- EXERCISE DIRECTIONS:
Return each line of the entries that holds the string "linearGradient".

- GIVEN RECORDS:

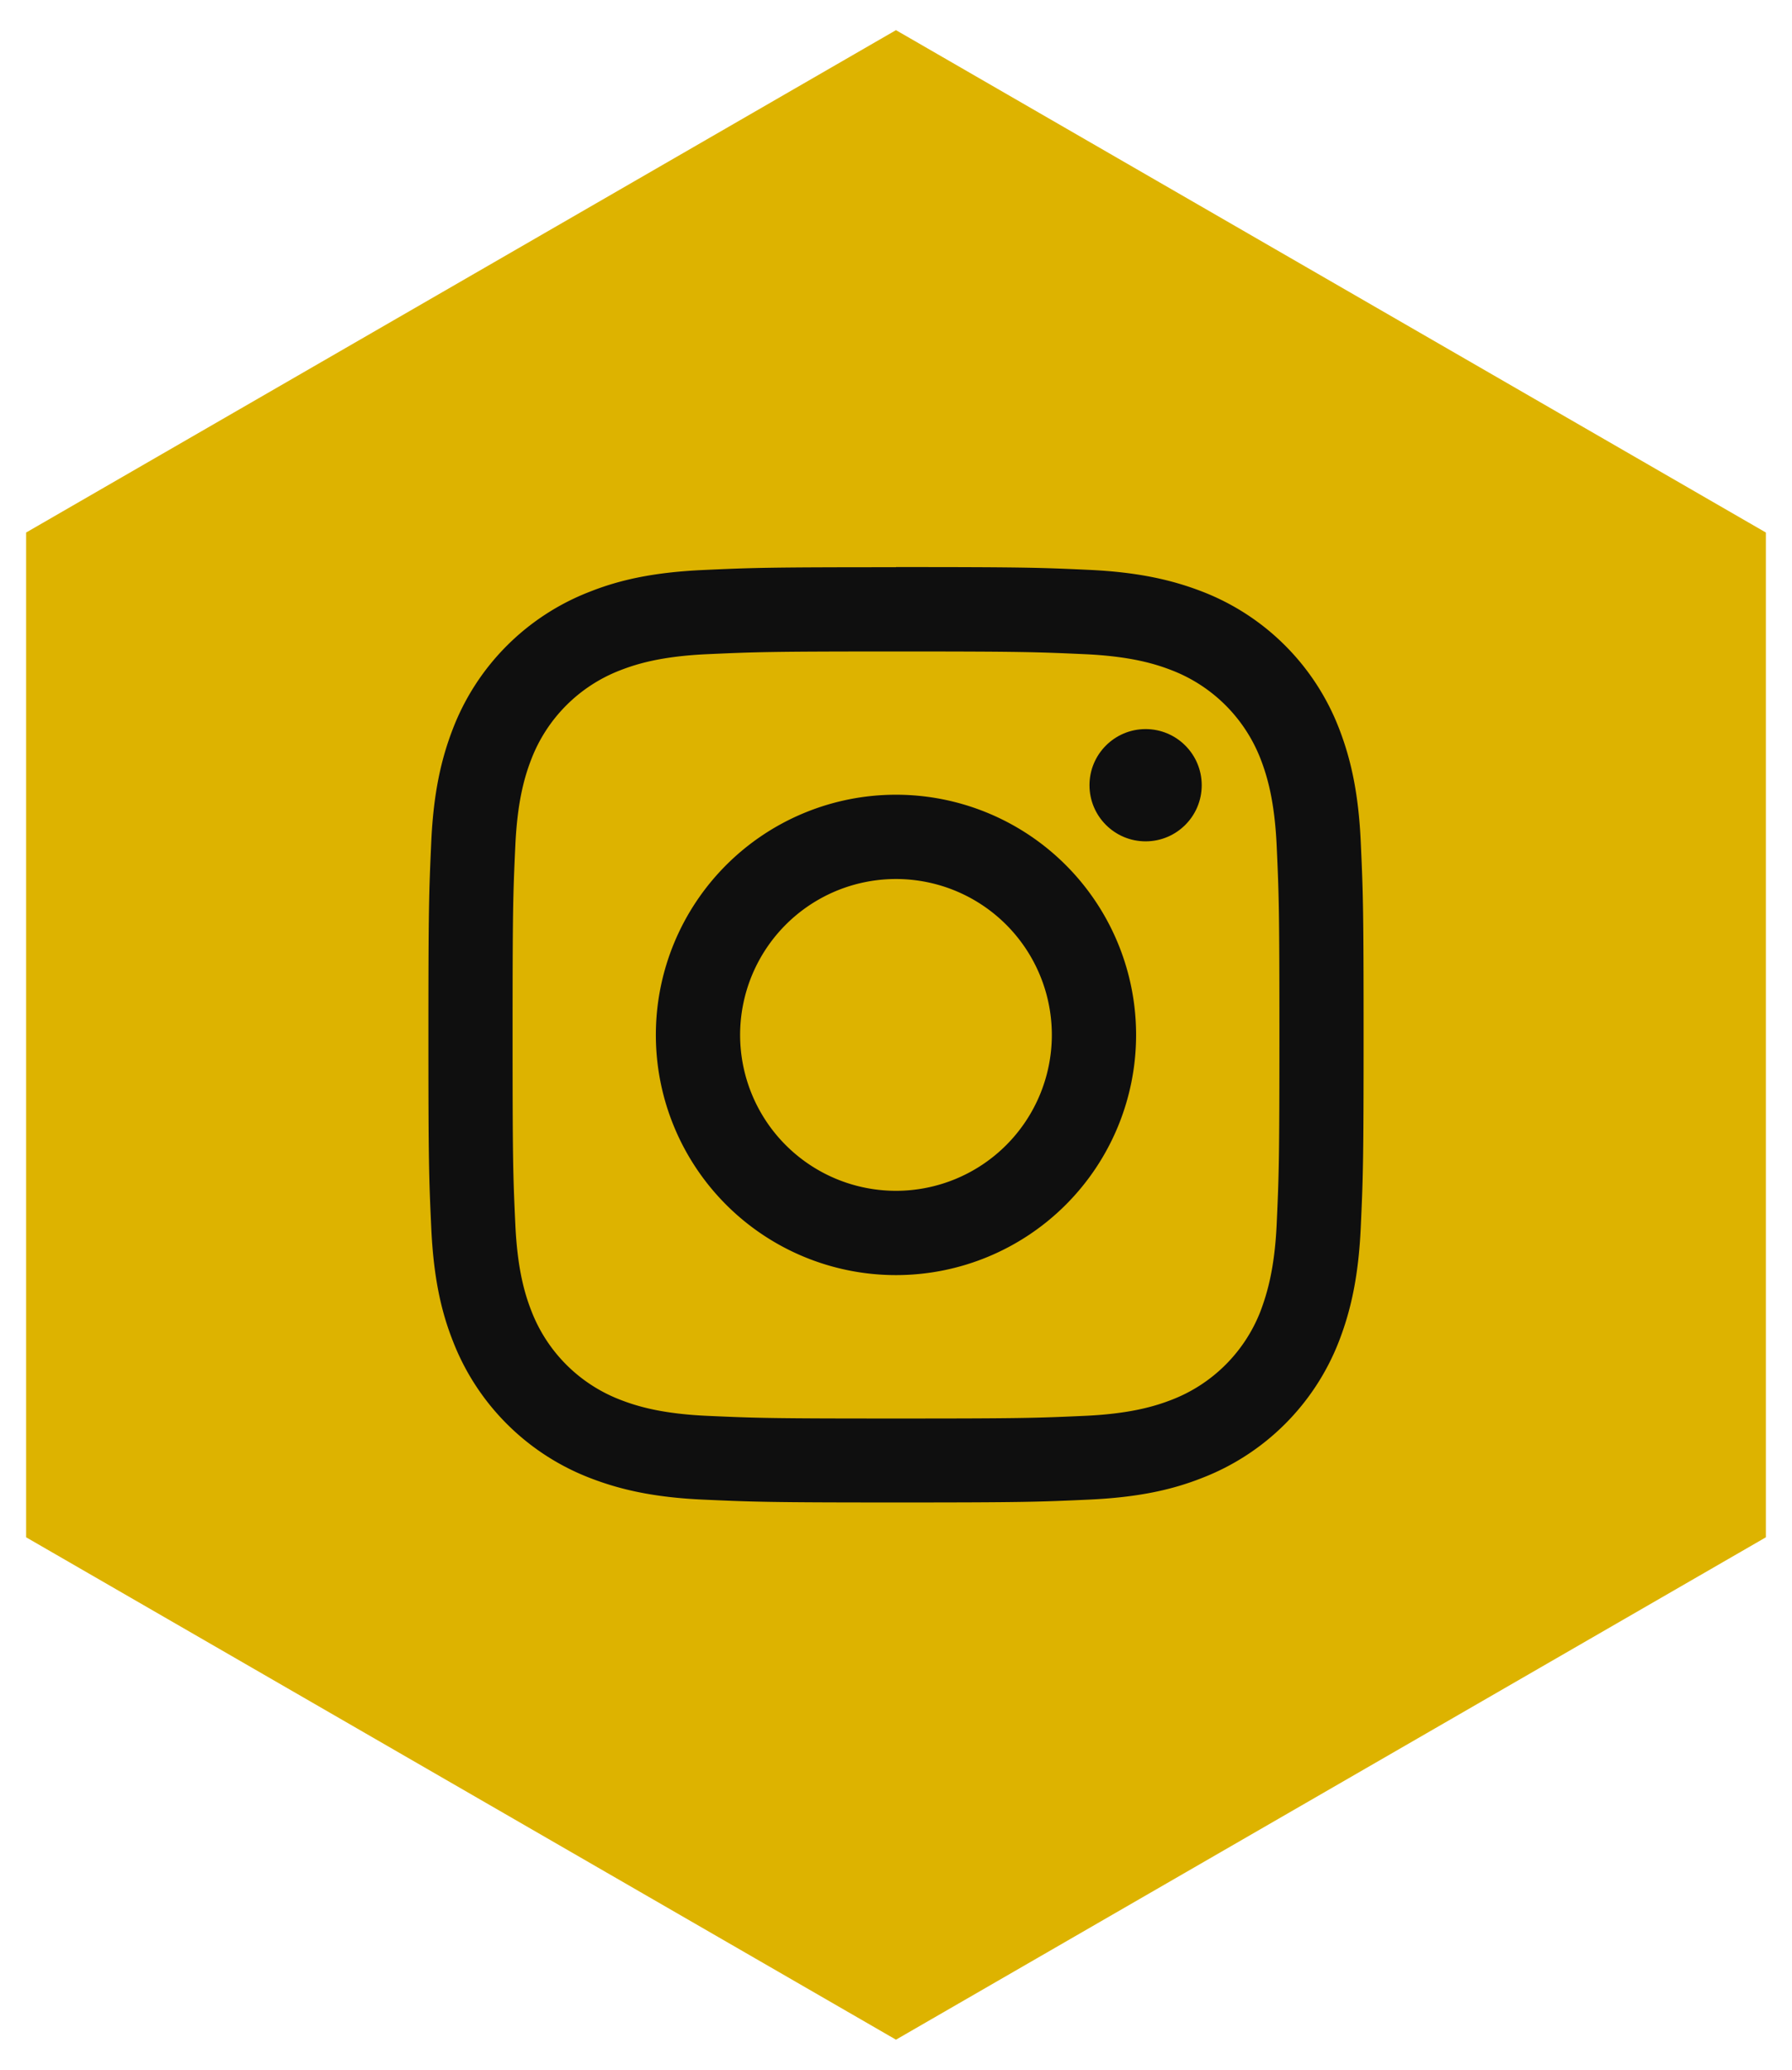 <svg id="Layer_1" data-name="Layer 1" xmlns="http://www.w3.org/2000/svg" viewBox="0 0 360.23 415.96"><defs><style>.cls-1{fill:#ddb300;}.cls-2{fill:#0f0f0f;}</style></defs><polygon class="cls-1" points="5.25 107.02 5.25 308.94 180.11 409.9 354.98 308.94 354.98 107.02 180.11 6.06 5.25 107.02"/><path class="cls-2" d="M180.11,130.92c25.1,0,28.07.1,38,.55,9.17.42,14.15,1.95,17.46,3.24a31.2,31.2,0,0,1,17.84,17.83c1.28,3.32,2.81,8.29,3.23,17.46.45,9.91.55,12.88.55,38s-.1,28.07-.55,38c-.42,9.16-2,14.14-3.23,17.45a31.18,31.18,0,0,1-17.84,17.84c-3.31,1.29-8.29,2.82-17.46,3.24-9.91.45-12.88.54-38,.54s-28.07-.09-38-.54c-9.16-.42-14.14-1.95-17.45-3.24a31.1,31.1,0,0,1-17.84-17.84c-1.29-3.31-2.82-8.29-3.23-17.45-.46-9.91-.55-12.89-.55-38s.09-28.07.55-38c.41-9.17,1.94-14.14,3.23-17.46a31.13,31.13,0,0,1,17.84-17.83c3.31-1.29,8.29-2.82,17.45-3.24,9.91-.45,12.89-.55,38-.55m0-16.93c-25.52,0-28.72.1-38.75.56s-16.84,2-22.81,4.37a48,48,0,0,0-27.49,27.49c-2.33,6-3.92,12.81-4.37,22.81s-.57,13.23-.57,38.76.11,28.72.57,38.75,2,16.84,4.37,22.82A48.06,48.06,0,0,0,118.55,297c6,2.33,12.81,3.92,22.81,4.37s13.23.57,38.75.57,28.73-.11,38.76-.57,16.83-2,22.81-4.37a48.06,48.06,0,0,0,27.49-27.48c2.32-6,3.91-12.82,4.37-22.82s.57-13.23.57-38.75-.11-28.73-.57-38.76-2.05-16.83-4.37-22.81a48,48,0,0,0-27.49-27.49c-6-2.32-12.81-3.91-22.81-4.37s-13.23-.56-38.76-.56Z"/><path class="cls-2" d="M180.11,159.71A48.27,48.27,0,1,0,228.38,208,48.27,48.27,0,0,0,180.11,159.71Zm0,79.6A31.33,31.33,0,1,1,211.44,208,31.33,31.33,0,0,1,180.11,239.31Z"/><circle class="cls-2" cx="230.29" cy="157.8" r="11.28"/></svg>
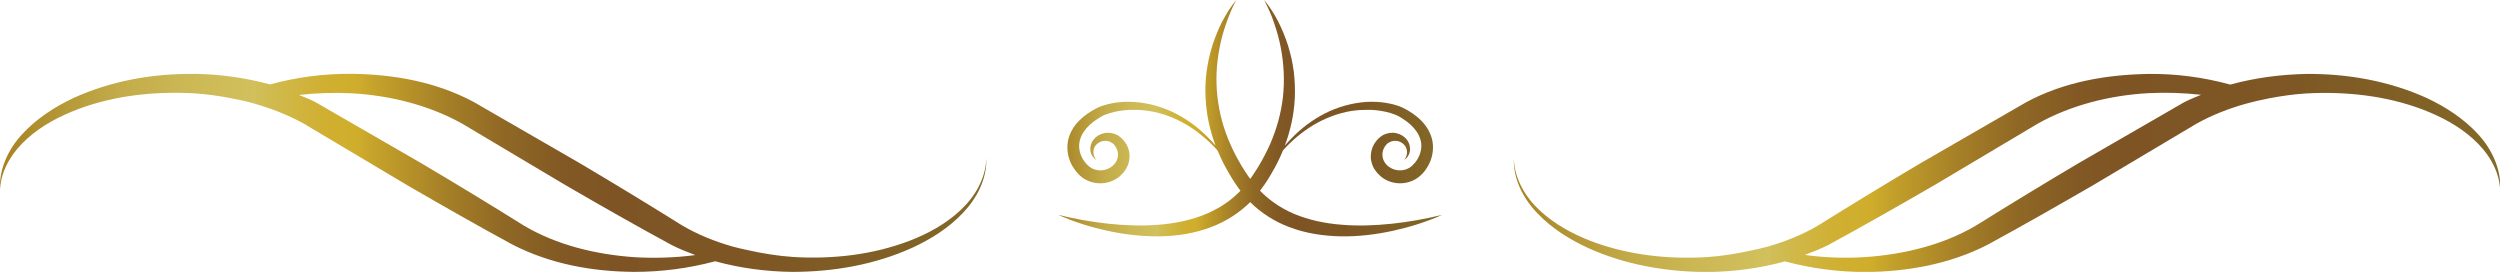 <?xml version="1.0" encoding="UTF-8"?>
<svg id="_レイヤー_2" data-name="レイヤー 2" xmlns="http://www.w3.org/2000/svg" width="197.79" height="21.51" xmlns:xlink="http://www.w3.org/1999/xlink" viewBox="0 0 197.79 21.51">
  <defs>
    <style>
      .cls-1 {
        fill: url(#_名称未設定グラデーション_1379);
      }

      .cls-1, .cls-2, .cls-3 {
        stroke-width: 0px;
      }

      .cls-2 {
        fill: url(#_名称未設定グラデーション_1379-2);
      }

      .cls-3 {
        fill: url(#_名称未設定グラデーション_1379-3);
      }
    </style>
    <linearGradient id="_名称未設定グラデーション_1379" data-name="名称未設定グラデーション 1379" x1="0" y1="13.68" x2="78.04" y2="13.68" gradientUnits="userSpaceOnUse">
      <stop offset="0" stop-color="#a68122"/>
      <stop offset=".05" stop-color="#b29333"/>
      <stop offset=".12" stop-color="#c3ab49"/>
      <stop offset=".2" stop-color="#cdba57"/>
      <stop offset=".26" stop-color="#d1c05c"/>
      <stop offset=".26" stop-color="#d0be58"/>
      <stop offset=".3" stop-color="#d0b540"/>
      <stop offset=".33" stop-color="#d0af31"/>
      <stop offset=".36" stop-color="#d0ae2c"/>
      <stop offset=".38" stop-color="#c5a22a"/>
      <stop offset=".45" stop-color="#a68027"/>
      <stop offset=".51" stop-color="#906825"/>
      <stop offset=".57" stop-color="#825924"/>
      <stop offset=".62" stop-color="#7e5424"/>
      <stop offset=".78" stop-color="#7e5724"/>
      <stop offset=".94" stop-color="#816326"/>
      <stop offset="1" stop-color="#836a28"/>
    </linearGradient>
    <linearGradient id="_名称未設定グラデーション_1379-2" data-name="名称未設定グラデーション 1379" x1="119.75" y1="13.68" x2="197.79" y2="13.68" xlink:href="#_名称未設定グラデーション_1379"/>
    <linearGradient id="_名称未設定グラデーション_1379-3" data-name="名称未設定グラデーション 1379" x1="83.72" y1="9.35" x2="114.06" y2="9.35" xlink:href="#_名称未設定グラデーション_1379"/>
  </defs>
  <g id="_レイヤー_3" data-name="レイヤー 3">
    <g>
      <g>
        <path class="cls-1" d="m15.35,5.85c-3.28-.04-6.58.55-9.57,1.92-1.48.7-2.88,1.61-4,2.82C.66,11.78-.09,13.39,0,15c.09-1.62,1.01-3.01,2.15-4.03,1.15-1.04,2.55-1.77,3.99-2.32,2.9-1.1,6.07-1.43,9.15-1.27,1.01.06,2,.2,2.99.39.63.12,1.24.25,1.85.43,1.37.39,2.69.91,3.9,1.58l8.2,4.88c2.76,1.6,5.51,3.17,8.35,4.71,3.02,1.54,6.34,2.12,9.6,2.14,2.16,0,4.32-.28,6.4-.84,2,.55,4.07.82,6.11.84,3.26,0,6.53-.57,9.49-1.91,1.47-.68,2.87-1.56,3.99-2.74,1.11-1.16,1.92-2.71,1.86-4.33-.04,1.61-.92,3.07-2.06,4.12-1.15,1.07-2.55,1.84-4.01,2.4-2.93,1.12-6.12,1.47-9.22,1.28-1.21-.08-2.41-.28-3.58-.54-.4-.09-.79-.17-1.18-.28-1.42-.4-2.78-.95-4.02-1.68-2.67-1.67-5.42-3.34-8.16-4.96l-8.3-4.79c-3.01-1.62-6.36-2.19-9.63-2.24-2.2-.02-4.39.26-6.51.84-1.97-.54-4-.81-6-.84Zm12.46,1.53c3.08.17,6.15.95,8.75,2.4l8.2,4.88c2.76,1.6,5.51,3.17,8.35,4.71.62.32,1.26.57,1.9.81-1.58.21-3.19.26-4.78.17-3.1-.21-6.2-.97-8.78-2.5-2.67-1.67-5.42-3.34-8.16-4.96l-8.3-4.79c-.43-.23-.89-.4-1.34-.59,1.38-.15,2.78-.2,4.16-.13Z"/>
        <path class="cls-2" d="m176.44,6.69c-2.11-.58-4.31-.87-6.51-.84-3.27.06-6.63.62-9.63,2.24l-8.3,4.79c-2.74,1.62-5.48,3.29-8.16,4.96-1.24.73-2.6,1.28-4.02,1.68-.39.11-.79.19-1.18.28-1.18.26-2.38.46-3.58.54-3.1.19-6.29-.16-9.22-1.28-1.46-.57-2.86-1.33-4.01-2.4-1.14-1.05-2.02-2.51-2.06-4.12-.06,1.61.74,3.17,1.86,4.33,1.12,1.18,2.52,2.06,3.99,2.74,2.96,1.34,6.23,1.91,9.49,1.91,2.04-.02,4.1-.29,6.11-.84,2.08.56,4.24.84,6.4.84,3.25-.03,6.57-.6,9.6-2.14,2.83-1.54,5.58-3.11,8.35-4.71l8.2-4.88c1.21-.68,2.53-1.19,3.9-1.58.61-.17,1.23-.31,1.85-.43.99-.19,1.98-.33,2.99-.39,3.08-.16,6.24.17,9.15,1.27,1.44.55,2.84,1.28,3.99,2.32,1.14,1.02,2.07,2.41,2.15,4.03.1-1.61-.65-3.22-1.77-4.42-1.12-1.21-2.52-2.12-4-2.82-2.99-1.36-6.29-1.95-9.57-1.92-2,.04-4.03.3-6,.84Zm-2.3.81c-.45.19-.9.36-1.34.59l-8.3,4.79c-2.74,1.62-5.48,3.29-8.16,4.96-2.59,1.53-5.69,2.29-8.78,2.5-1.59.1-3.19.05-4.77-.17.64-.24,1.28-.49,1.9-.81,2.83-1.54,5.58-3.11,8.35-4.71l8.2-4.88c2.6-1.45,5.67-2.23,8.75-2.4,1.38-.07,2.78-.02,4.16.13Z"/>
      </g>
      <path class="cls-3" d="m96.29,16.5c-.28.15-.56.3-.85.42-1.17.49-2.46.76-3.77.86-1.31.11-2.64.06-3.97-.08-1.33-.14-2.66-.38-3.97-.7.62.28,1.26.52,1.91.73.65.21,1.31.38,1.98.53,1.34.29,2.71.45,4.1.44,1.39-.02,2.8-.23,4.14-.75,1.13-.43,2.18-1.1,3.05-1.96.86.86,1.92,1.53,3.05,1.96,1.34.52,2.75.72,4.14.75,1.39.02,2.77-.15,4.1-.44.67-.15,1.33-.32,1.98-.53.65-.21,1.29-.44,1.91-.73-1.32.32-2.64.56-3.97.7-1.33.14-2.66.19-3.97.08-1.31-.1-2.59-.37-3.77-.86-.29-.12-.58-.27-.85-.42-.28-.15-.54-.32-.8-.51-.37-.27-.72-.57-1.04-.9.12-.16.23-.32.34-.47.1-.14.19-.29.29-.44.09-.15.18-.3.27-.45.35-.58.65-1.19.91-1.82.15-.19.34-.36.51-.54.39-.38.8-.73,1.24-1.04.87-.63,1.85-1.1,2.87-1.38.51-.14,1.03-.22,1.56-.25h.2s.2-.01.2-.01c.13,0,.26,0,.39,0,.26.01.52.04.78.08.26.04.51.1.75.17.24.07.48.16.68.27.22.13.44.27.64.42.2.15.38.32.54.5.32.36.53.78.58,1.21.05.43-.07.88-.3,1.26-.11.19-.26.36-.42.51-.15.14-.33.24-.52.3-.19.06-.39.08-.59.06-.2-.02-.4-.08-.57-.18-.04-.03-.09-.05-.13-.08l-.12-.09-.11-.11s-.06-.07-.09-.11c-.06-.07-.1-.16-.14-.25-.03-.09-.06-.18-.07-.28-.01-.1-.01-.19,0-.29.01-.1.04-.19.08-.29.04-.09.09-.18.15-.26.03-.04.07-.08.1-.12l.05-.05.06-.04c.15-.11.35-.18.56-.18.1,0,.21.02.31.05.1.03.2.09.29.16.09.07.16.15.22.24.06.1.1.21.11.33.04.24-.03.51-.21.72.12-.07.22-.17.3-.3.08-.12.13-.27.15-.42.02-.15,0-.31-.04-.47-.04-.15-.13-.31-.23-.43-.2-.25-.51-.43-.84-.49-.33-.07-.7-.01-1.01.15l-.11.07s-.07.05-.11.08c-.07.05-.13.11-.19.17-.06.06-.12.12-.17.2-.03.03-.05.07-.08.11l-.07.11c-.08.15-.15.31-.19.48-.04.17-.06.35-.06.52,0,.18.04.35.09.52.06.17.12.34.23.48.05.08.1.14.16.22.06.06.12.12.18.19.06.06.13.11.19.17.07.05.14.1.21.15.59.36,1.33.45,1.99.24.33-.1.64-.28.89-.51.25-.22.44-.48.6-.77.32-.56.45-1.24.35-1.89-.05-.32-.17-.63-.32-.91-.15-.28-.35-.53-.56-.75-.21-.22-.45-.41-.69-.58-.24-.17-.49-.31-.75-.44-.29-.14-.57-.23-.85-.3-.28-.07-.57-.11-.85-.15-.28-.03-.57-.04-.85-.04-.28,0-.57.02-.85.06-.56.07-1.11.2-1.65.38-1.07.36-2.04.93-2.9,1.63-.43.35-.82.74-1.19,1.14l-.23.26c.45-1.2.73-2.48.79-3.76.03-.7,0-1.4-.08-2.1-.05-.35-.11-.69-.18-1.03-.08-.34-.17-.67-.27-1.01-.21-.66-.47-1.3-.78-1.91-.32-.61-.68-1.19-1.12-1.71.16.3.31.6.44.91.14.31.26.62.36.94.22.63.4,1.27.52,1.92.25,1.3.31,2.62.17,3.91-.15,1.29-.5,2.55-1.02,3.73-.26.59-.57,1.17-.9,1.73-.09.14-.17.28-.26.41-.09.14-.18.27-.27.41-.05.07-.09.13-.14.19-.05-.06-.09-.13-.14-.19-.09-.13-.18-.27-.27-.41-.09-.14-.17-.28-.26-.41-.33-.56-.64-1.13-.9-1.73-.53-1.18-.87-2.44-1.02-3.73-.15-1.29-.09-2.61.17-3.91.12-.65.3-1.29.52-1.92.11-.32.23-.63.36-.94.13-.31.28-.61.44-.91-.44.52-.8,1.11-1.12,1.71-.31.61-.57,1.25-.78,1.91-.1.33-.19.67-.27,1.01-.07.34-.13.68-.18,1.03-.09.69-.12,1.4-.08,2.1.06,1.28.34,2.56.79,3.76l-.23-.26c-.37-.4-.77-.79-1.19-1.14-.86-.7-1.83-1.27-2.9-1.63-.53-.18-1.08-.31-1.65-.38-.28-.04-.56-.05-.85-.06-.28,0-.57.01-.85.04-.28.03-.57.08-.85.15-.28.07-.57.16-.85.3-.26.13-.51.28-.75.44-.24.17-.47.36-.69.58-.21.22-.41.47-.56.75-.15.28-.27.59-.32.91-.1.65.03,1.33.35,1.89.16.28.36.54.6.77.25.23.56.41.89.51.66.21,1.4.12,1.99-.24.07-.05.14-.1.21-.15.07-.05.13-.11.19-.17.06-.06.12-.12.18-.19.05-.07.11-.14.16-.22.1-.15.17-.32.23-.48.05-.17.08-.35.09-.52,0-.18-.01-.35-.06-.52-.04-.17-.11-.33-.19-.48l-.07-.11s-.05-.07-.08-.11c-.05-.07-.11-.13-.17-.2-.06-.06-.12-.12-.19-.17-.04-.03-.07-.05-.11-.08l-.11-.07c-.31-.16-.68-.22-1.01-.15-.33.06-.64.24-.84.49-.11.12-.19.27-.23.43-.05.15-.06.32-.04.47.02.15.08.3.15.42.08.12.18.23.3.3-.17-.22-.24-.49-.21-.72.01-.12.05-.23.11-.33.06-.1.13-.18.22-.24.09-.07.19-.12.29-.16.1-.03.21-.05.31-.05.21,0,.41.07.56.18l.06.04.05.05s.07.08.1.12c.06.08.11.17.15.26.04.09.07.19.08.29.02.1.01.2,0,.29,0,.1-.04.19-.07.28-.04.09-.08.17-.14.25-.02.04-.06.07-.09.11l-.11.11-.12.09s-.09.05-.13.08c-.18.1-.37.16-.57.18s-.4,0-.59-.06c-.19-.06-.37-.16-.52-.3-.16-.14-.3-.31-.42-.51-.23-.38-.34-.83-.29-1.26s.26-.85.58-1.21c.16-.18.34-.35.54-.5.2-.15.42-.29.64-.42.2-.11.44-.2.68-.27.24-.07.5-.13.75-.17.26-.04.52-.06.78-.08.13,0,.26,0,.39,0h.2s.2.01.2.01c.52.03,1.05.11,1.56.25,1.02.27,2,.75,2.87,1.38.44.32.85.67,1.24,1.04.17.18.35.35.51.54.26.63.57,1.24.91,1.82.09.15.18.3.27.45.1.15.19.29.29.44.1.16.22.31.34.47-.32.33-.66.63-1.04.9-.25.18-.52.36-.8.51Z"/>
    </g>
  </g>
</svg>

- RESPONSE TO THIS EXERCISE:
    <linearGradient id="_名称未設定グラデーション_1379" data-name="名称未設定グラデーション 1379" x1="0" y1="13.68" x2="78.04" y2="13.68" gradientUnits="userSpaceOnUse">
    </linearGradient>
    <linearGradient id="_名称未設定グラデーション_1379-2" data-name="名称未設定グラデーション 1379" x1="119.75" y1="13.68" x2="197.79" y2="13.68" xlink:href="#_名称未設定グラデーション_1379"/>
    <linearGradient id="_名称未設定グラデーション_1379-3" data-name="名称未設定グラデーション 1379" x1="83.72" y1="9.35" x2="114.06" y2="9.35" xlink:href="#_名称未設定グラデーション_1379"/>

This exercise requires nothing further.